The day before my class, Tuesday, Oct. 11, Samsung was the top of the Top Stories categories on Google News. At 6 a.m. (U.S. Eastern Daylight Time) the top story was that Samsung was halting production on the Note 7 in the wake of yet more incidents that “replacement” models were also catching fire. By 8 a.m. the top story was that Samsung was permanently discontinuing the model.
As I pointed out to my class, Samsung had even managed to knock Donald Trump off the Top Story perch — no mean feat in the wake of last Sunday night’s debate that followed closely on the revelations of now-infamous Access Hollywood tape.

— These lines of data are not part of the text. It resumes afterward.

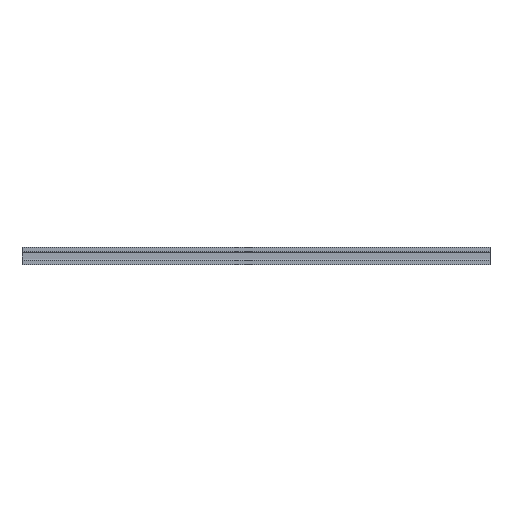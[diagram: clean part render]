
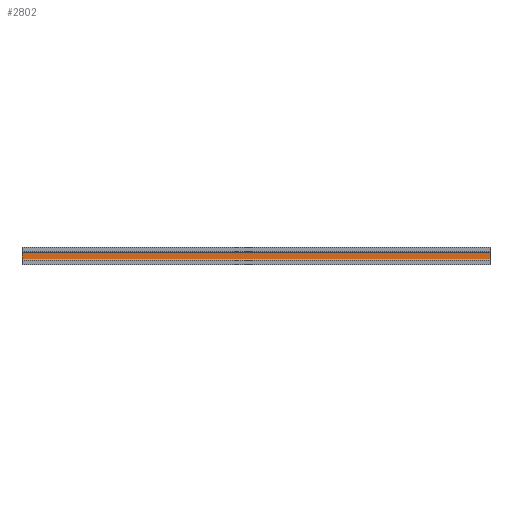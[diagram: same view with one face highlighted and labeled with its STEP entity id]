
A CAD part, top view. The second image highlights one B-rep face of the part: STEP entity #2802.
In plain terms, the highlighted planar face has unit normal (0, 0, 1).
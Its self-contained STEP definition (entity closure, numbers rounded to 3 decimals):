
#361=FACE_OUTER_BOUND('',#535,.T.);
#535=EDGE_LOOP('',(#2378,#2379,#2380,#2381));
#797=LINE('',#4595,#1061);
#798=LINE('',#4598,#1062);
#799=LINE('',#4600,#1063);
#800=LINE('',#4601,#1064);
#1061=VECTOR('',#3817,10.);
#1062=VECTOR('',#3820,10.);
#1063=VECTOR('',#3821,10.);
#1064=VECTOR('',#3822,10.);
#1320=VERTEX_POINT('',#4591);
#1321=VERTEX_POINT('',#4593);
#1322=VERTEX_POINT('',#4597);
#1323=VERTEX_POINT('',#4599);
#1697=EDGE_CURVE('',#1320,#1321,#797,.T.);
#1698=EDGE_CURVE('',#1322,#1320,#798,.T.);
#1699=EDGE_CURVE('',#1323,#1321,#799,.T.);
#1700=EDGE_CURVE('',#1322,#1323,#800,.T.);
#2378=ORIENTED_EDGE('',*,*,#1698,.T.);
#2379=ORIENTED_EDGE('',*,*,#1697,.T.);
#2380=ORIENTED_EDGE('',*,*,#1699,.F.);
#2381=ORIENTED_EDGE('',*,*,#1700,.F.);
#2543=PLANE('',#3071);
#2802=ADVANCED_FACE('',(#361),#2543,.T.);
#3071=AXIS2_PLACEMENT_3D('',#4596,#3818,#3819);
#3817=DIRECTION('',(1.,0.,0.));
#3818=DIRECTION('center_axis',(0.,0.,1.));
#3819=DIRECTION('ref_axis',(0.,-1.,0.));
#3820=DIRECTION('',(0.,-1.,0.));
#3821=DIRECTION('',(0.,-1.,0.));
#3822=DIRECTION('',(1.,0.,0.));
#4591=CARTESIAN_POINT('',(0.,-7.957,19.65));
#4593=CARTESIAN_POINT('',(1100.,-7.957,19.65));
#4595=CARTESIAN_POINT('',(0.,-7.957,19.65));
#4596=CARTESIAN_POINT('Origin',(0.,7.957,19.65));
#4597=CARTESIAN_POINT('',(0.,7.957,19.65));
#4598=CARTESIAN_POINT('',(0.,7.957,19.65));
#4599=CARTESIAN_POINT('',(1100.,7.957,19.65));
#4600=CARTESIAN_POINT('',(1100.,7.957,19.65));
#4601=CARTESIAN_POINT('',(0.,7.957,19.65));

And yet, on both the Samsung Mobile USA Facebook page and Samsung Mobile US Twitter feed, their “Top Story” was their Gear 360 product. I was stunned at the lack of urgency and timeliness along with the general ineptitude of Samsung’s response. Other than a pinned tweet from Sept. 9 — more than a month ago — that talked about the original Note 7 exchange program, you wouldn’t know that the Note 7 problems were at the top of Samsung’s mind. Other Facebook posts about the original recall dating from mid- to late-September were now totally useless and outdated, having been superseded by recent events.
In fairness, another Samsung Twitter account, Samsung Mobile, had tweeted about the stopping of production. But that tweet was posted on Oct. 12 — the day after the news broke — and that account was not the first one to come up in a Twitter search for “Samsung.” One step that might be in order would be to synchronize all the Samsung Twitter accounts.

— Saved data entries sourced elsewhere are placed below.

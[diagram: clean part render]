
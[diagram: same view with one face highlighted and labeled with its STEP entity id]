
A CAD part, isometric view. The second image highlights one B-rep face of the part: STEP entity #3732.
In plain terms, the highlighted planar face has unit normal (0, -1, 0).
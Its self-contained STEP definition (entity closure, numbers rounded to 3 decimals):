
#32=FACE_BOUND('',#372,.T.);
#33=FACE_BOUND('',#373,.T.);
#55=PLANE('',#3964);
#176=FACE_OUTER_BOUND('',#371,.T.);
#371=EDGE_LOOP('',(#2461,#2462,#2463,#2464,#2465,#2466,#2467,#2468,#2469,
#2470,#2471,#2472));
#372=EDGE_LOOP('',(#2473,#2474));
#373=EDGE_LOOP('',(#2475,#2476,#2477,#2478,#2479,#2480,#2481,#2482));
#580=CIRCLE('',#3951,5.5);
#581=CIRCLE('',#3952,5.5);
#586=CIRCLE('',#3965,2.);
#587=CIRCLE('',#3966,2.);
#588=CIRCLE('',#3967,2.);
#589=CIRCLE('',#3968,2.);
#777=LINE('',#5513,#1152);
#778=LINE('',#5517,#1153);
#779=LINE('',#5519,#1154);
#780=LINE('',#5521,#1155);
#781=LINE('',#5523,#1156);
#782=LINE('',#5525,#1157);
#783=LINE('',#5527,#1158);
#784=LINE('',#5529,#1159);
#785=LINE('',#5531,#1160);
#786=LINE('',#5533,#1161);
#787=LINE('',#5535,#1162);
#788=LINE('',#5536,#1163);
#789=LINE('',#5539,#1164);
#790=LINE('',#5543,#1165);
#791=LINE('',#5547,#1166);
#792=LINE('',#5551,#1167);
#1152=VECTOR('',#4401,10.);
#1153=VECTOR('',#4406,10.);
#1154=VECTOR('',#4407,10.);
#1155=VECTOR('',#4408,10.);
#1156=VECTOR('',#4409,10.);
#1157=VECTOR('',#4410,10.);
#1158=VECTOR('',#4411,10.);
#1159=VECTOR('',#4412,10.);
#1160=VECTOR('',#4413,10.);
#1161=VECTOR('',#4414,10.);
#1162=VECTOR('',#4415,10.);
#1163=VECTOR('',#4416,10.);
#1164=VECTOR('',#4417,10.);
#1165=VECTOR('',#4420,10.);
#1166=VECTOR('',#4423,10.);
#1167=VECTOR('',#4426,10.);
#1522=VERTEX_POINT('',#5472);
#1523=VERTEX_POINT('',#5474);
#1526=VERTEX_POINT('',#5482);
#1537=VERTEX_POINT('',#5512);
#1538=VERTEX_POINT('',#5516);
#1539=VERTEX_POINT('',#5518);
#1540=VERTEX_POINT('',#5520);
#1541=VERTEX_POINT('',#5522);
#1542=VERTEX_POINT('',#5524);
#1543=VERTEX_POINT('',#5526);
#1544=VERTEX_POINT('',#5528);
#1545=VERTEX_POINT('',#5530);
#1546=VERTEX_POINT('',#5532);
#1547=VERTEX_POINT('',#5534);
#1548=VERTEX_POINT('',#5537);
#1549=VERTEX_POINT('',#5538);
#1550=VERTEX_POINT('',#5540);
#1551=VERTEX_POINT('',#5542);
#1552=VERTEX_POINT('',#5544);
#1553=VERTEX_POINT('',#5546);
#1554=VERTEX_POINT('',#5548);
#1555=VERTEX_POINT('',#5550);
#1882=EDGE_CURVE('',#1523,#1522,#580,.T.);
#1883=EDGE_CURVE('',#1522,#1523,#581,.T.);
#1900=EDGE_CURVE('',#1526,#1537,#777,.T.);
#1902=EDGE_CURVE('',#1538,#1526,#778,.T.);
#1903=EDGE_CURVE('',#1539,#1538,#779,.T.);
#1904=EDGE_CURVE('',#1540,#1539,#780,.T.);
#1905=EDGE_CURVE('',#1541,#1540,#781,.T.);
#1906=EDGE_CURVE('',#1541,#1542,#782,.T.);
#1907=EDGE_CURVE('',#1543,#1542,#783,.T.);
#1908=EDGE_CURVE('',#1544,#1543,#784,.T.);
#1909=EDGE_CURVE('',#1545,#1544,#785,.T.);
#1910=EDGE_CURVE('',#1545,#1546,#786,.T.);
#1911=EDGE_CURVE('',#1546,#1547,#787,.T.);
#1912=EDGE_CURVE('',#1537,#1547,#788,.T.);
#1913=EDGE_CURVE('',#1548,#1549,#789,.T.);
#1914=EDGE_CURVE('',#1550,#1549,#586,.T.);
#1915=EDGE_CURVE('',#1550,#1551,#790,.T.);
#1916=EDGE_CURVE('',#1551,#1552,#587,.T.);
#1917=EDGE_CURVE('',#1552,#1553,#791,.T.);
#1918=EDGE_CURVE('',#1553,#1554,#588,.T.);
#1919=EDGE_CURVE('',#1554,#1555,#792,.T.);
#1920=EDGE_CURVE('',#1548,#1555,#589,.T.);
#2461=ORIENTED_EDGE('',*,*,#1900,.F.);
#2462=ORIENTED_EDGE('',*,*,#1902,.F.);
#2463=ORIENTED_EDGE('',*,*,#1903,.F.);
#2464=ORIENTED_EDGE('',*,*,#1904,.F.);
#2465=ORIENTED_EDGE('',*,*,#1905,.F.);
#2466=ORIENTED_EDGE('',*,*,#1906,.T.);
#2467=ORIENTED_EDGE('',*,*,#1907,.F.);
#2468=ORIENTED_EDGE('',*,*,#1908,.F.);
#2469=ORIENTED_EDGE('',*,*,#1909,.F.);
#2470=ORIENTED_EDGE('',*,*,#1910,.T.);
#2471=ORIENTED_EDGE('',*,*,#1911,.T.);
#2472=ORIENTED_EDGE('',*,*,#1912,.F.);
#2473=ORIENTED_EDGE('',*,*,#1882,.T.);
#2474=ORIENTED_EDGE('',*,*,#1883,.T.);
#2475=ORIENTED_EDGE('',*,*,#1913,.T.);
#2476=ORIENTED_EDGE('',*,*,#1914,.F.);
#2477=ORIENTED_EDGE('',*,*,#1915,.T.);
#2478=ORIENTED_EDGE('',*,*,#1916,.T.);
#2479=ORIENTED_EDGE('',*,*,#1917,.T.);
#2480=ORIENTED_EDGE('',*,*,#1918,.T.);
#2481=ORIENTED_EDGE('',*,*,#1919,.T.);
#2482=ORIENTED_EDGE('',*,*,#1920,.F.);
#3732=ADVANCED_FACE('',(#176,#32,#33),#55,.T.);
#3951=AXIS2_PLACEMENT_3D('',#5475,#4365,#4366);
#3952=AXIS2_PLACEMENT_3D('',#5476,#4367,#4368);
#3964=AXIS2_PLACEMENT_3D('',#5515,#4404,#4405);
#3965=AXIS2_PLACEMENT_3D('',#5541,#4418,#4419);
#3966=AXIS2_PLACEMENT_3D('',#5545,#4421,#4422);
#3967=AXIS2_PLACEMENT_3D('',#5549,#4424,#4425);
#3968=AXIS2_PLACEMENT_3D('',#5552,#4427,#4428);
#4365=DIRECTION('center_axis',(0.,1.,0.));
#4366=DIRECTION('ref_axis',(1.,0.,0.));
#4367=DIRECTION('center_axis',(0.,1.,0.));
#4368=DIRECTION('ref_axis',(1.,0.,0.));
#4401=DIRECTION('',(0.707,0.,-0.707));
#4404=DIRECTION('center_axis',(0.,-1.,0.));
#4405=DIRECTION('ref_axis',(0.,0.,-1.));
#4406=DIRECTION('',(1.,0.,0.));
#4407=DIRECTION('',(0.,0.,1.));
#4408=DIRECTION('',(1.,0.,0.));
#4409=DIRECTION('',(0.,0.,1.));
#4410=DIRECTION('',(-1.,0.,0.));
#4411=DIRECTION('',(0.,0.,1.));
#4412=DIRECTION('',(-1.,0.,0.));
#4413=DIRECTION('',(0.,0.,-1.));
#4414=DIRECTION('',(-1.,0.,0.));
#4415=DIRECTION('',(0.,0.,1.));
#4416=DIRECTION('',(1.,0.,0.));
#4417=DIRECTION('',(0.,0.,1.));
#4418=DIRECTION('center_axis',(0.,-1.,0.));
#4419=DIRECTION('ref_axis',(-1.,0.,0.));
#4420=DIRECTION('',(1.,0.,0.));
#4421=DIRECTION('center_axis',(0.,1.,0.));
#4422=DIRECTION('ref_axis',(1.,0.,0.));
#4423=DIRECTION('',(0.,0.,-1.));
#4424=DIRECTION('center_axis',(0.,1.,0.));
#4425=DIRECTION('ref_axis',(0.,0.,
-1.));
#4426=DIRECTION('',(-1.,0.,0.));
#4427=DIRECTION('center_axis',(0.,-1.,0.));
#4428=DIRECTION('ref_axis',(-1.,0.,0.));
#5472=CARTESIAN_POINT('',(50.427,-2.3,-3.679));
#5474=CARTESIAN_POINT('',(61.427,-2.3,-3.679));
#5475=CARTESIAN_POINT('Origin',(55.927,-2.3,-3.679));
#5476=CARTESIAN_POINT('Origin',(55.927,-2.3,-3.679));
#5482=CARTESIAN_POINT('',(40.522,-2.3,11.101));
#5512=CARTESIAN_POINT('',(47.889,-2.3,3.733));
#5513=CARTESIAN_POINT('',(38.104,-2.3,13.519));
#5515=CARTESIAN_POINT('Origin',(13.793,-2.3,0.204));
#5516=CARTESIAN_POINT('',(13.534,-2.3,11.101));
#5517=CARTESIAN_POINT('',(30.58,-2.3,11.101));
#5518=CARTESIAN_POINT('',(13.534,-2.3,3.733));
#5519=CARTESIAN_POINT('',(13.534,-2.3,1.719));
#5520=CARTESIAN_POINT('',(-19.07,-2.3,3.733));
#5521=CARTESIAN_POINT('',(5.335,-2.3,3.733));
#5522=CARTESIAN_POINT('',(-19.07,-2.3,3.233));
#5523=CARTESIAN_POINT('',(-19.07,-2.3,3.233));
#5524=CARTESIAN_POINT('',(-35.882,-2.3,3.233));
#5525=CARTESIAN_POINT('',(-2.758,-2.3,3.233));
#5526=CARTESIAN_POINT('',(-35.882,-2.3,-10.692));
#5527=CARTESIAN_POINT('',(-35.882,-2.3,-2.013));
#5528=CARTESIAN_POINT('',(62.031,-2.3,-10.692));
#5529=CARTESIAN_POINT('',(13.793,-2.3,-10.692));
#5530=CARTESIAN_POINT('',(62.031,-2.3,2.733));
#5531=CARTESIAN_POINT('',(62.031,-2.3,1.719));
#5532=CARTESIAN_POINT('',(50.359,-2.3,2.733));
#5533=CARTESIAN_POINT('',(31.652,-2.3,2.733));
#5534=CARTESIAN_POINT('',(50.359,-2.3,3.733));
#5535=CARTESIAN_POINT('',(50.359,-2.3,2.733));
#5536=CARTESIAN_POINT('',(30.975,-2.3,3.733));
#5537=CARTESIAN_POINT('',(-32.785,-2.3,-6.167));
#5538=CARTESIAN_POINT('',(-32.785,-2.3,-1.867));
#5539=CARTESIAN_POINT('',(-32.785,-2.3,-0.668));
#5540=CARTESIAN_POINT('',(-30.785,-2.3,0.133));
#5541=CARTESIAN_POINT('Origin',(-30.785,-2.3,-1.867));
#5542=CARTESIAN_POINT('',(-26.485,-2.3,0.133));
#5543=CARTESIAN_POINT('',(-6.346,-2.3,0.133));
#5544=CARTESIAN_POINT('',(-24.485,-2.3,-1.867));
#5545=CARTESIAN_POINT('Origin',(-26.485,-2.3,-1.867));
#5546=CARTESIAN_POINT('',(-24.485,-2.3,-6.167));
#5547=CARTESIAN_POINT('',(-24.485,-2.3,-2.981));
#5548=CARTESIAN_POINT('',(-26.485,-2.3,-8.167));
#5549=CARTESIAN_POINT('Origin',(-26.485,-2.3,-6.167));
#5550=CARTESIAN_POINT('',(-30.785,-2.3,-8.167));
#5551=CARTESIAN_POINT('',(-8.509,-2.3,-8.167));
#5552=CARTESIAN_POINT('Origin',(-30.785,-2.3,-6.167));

Samsung customers were understandably angry, frustrated and concerned about the Note 7. That one Facebook post about Gear 360 was filled with comments asking about the Note 7 instead, including such tidbits as:
- “I’m not okay with this mess,”
- “I just learned how bad Samsung truly is…”
- “[I]t’s off to [A]pple I go, I’ve been a fan for years but you guys dropped the ball on this device in more ways than one…”

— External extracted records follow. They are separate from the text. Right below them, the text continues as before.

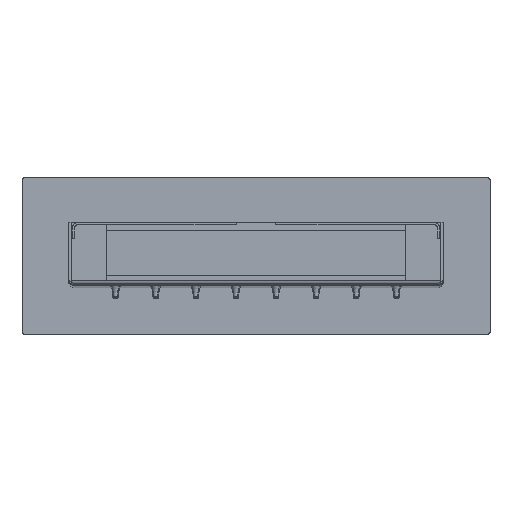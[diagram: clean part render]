
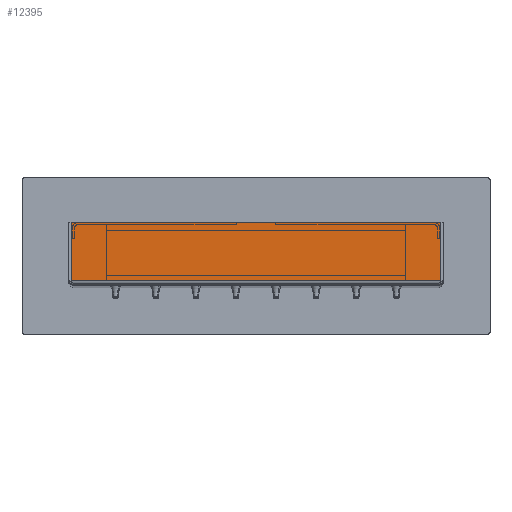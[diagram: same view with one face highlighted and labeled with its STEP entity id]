
A CAD part, top view. The second image highlights one B-rep face of the part: STEP entity #12395.
In plain terms, the highlighted planar face has unit normal (0, 0, 1).
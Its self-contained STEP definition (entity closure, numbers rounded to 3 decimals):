
#307=DIRECTION('',(0.,-1.,0.));
#308=VECTOR('',#307,24.7);
#309=CARTESIAN_POINT('',(78.9,27.,250.));
#310=LINE('',#309,#308);
#321=DIRECTION('',(-1.,0.,0.));
#322=VECTOR('',#321,157.8);
#323=CARTESIAN_POINT('',(78.9,27.,250.));
#324=LINE('',#323,#322);
#334=DIRECTION('',(0.,1.,0.));
#335=VECTOR('',#334,24.7);
#336=CARTESIAN_POINT('',(-78.9,2.3,250.));
#337=LINE('',#336,#335);
#4725=DIRECTION('',(-1.,0.,0.));
#4726=VECTOR('',#4725,157.8);
#4727=CARTESIAN_POINT('',(78.9,2.3,250.));
#4728=LINE('',#4727,#4726);
#9607=CARTESIAN_POINT('',(78.9,27.,250.));
#9608=CARTESIAN_POINT('',(78.9,2.3,250.));
#9609=VERTEX_POINT('',#9607);
#9610=VERTEX_POINT('',#9608);
#9611=CARTESIAN_POINT('',(-78.9,2.3,250.));
#9612=VERTEX_POINT('',#9611);
#9613=CARTESIAN_POINT('',(-78.9,27.,250.));
#9614=VERTEX_POINT('',#9613);
#12381=CARTESIAN_POINT('',(-80.,27.,250.));
#12382=DIRECTION('',(0.,0.,-1.));
#12383=DIRECTION('',(-1.,0.,0.));
#12384=AXIS2_PLACEMENT_3D('',#12381,#12382,#12383);
#12385=PLANE('',#12384);
#12387=ORIENTED_EDGE('',*,*,#12386,.T.);
#12389=ORIENTED_EDGE('',*,*,#12388,.F.);
#12390=ORIENTED_EDGE('',*,*,#12360,.T.);
#12392=ORIENTED_EDGE('',*,*,#12391,.T.);
#12393=EDGE_LOOP('',(#12387,#12389,#12390,#12392));
#12394=FACE_OUTER_BOUND('',#12393,.F.);
#12395=ADVANCED_FACE('',(#12394),#12385,.F.);
#12360=EDGE_CURVE('',#9609,#9610,#310,.T.);
#12386=EDGE_CURVE('',#9612,#9614,#337,.T.);
#12388=EDGE_CURVE('',#9609,#9614,#324,.T.);
#12391=EDGE_CURVE('',#9610,#9612,#4728,.T.);

Customers were looking for conversation and answers; they weren’t getting it from Samsung. I don’t think the Facebook post on Gear 360 did that product line any good either, becoming a case of guilt by association. Their Facebook page “About” entry says in part, “Need device help? We’re here for whatever you need.” It’s time for the company to live up to that promise.
As a public relations professional and teacher, I have always stressed the importance of speed, candor, empathy and active engagement whenever an organization confronts a crisis. Social media is an invaluable tool in addressing and managing a crisis, but only if it’s done correctly. Note to Samsung: Get social on the Note 7 crisis and do it now. It’s not only about a single product in one of your many lines. It’s about your company’s brand reputation across the board.
As far as my class goes, reaction fell a little short of my righteous indignation at Samsung’s social shortcomings. Maybe it’s because the bulk of them were iPhone users. Maybe it’s because millenials seem more forgiving of product failures, particular electronic hardware and software. That makes it more challenging for me to convince them of the urgency a company needs to manage a crisis rather than have the crisis manage the company.
Author’s Note: I am not associated with any of Samsung’s competitors. I previously owned a Samsung Galaxy S3 phone and I have a Samsung computer monitor and television. I may soon be in the market for a new TV. What brand should I be looking at?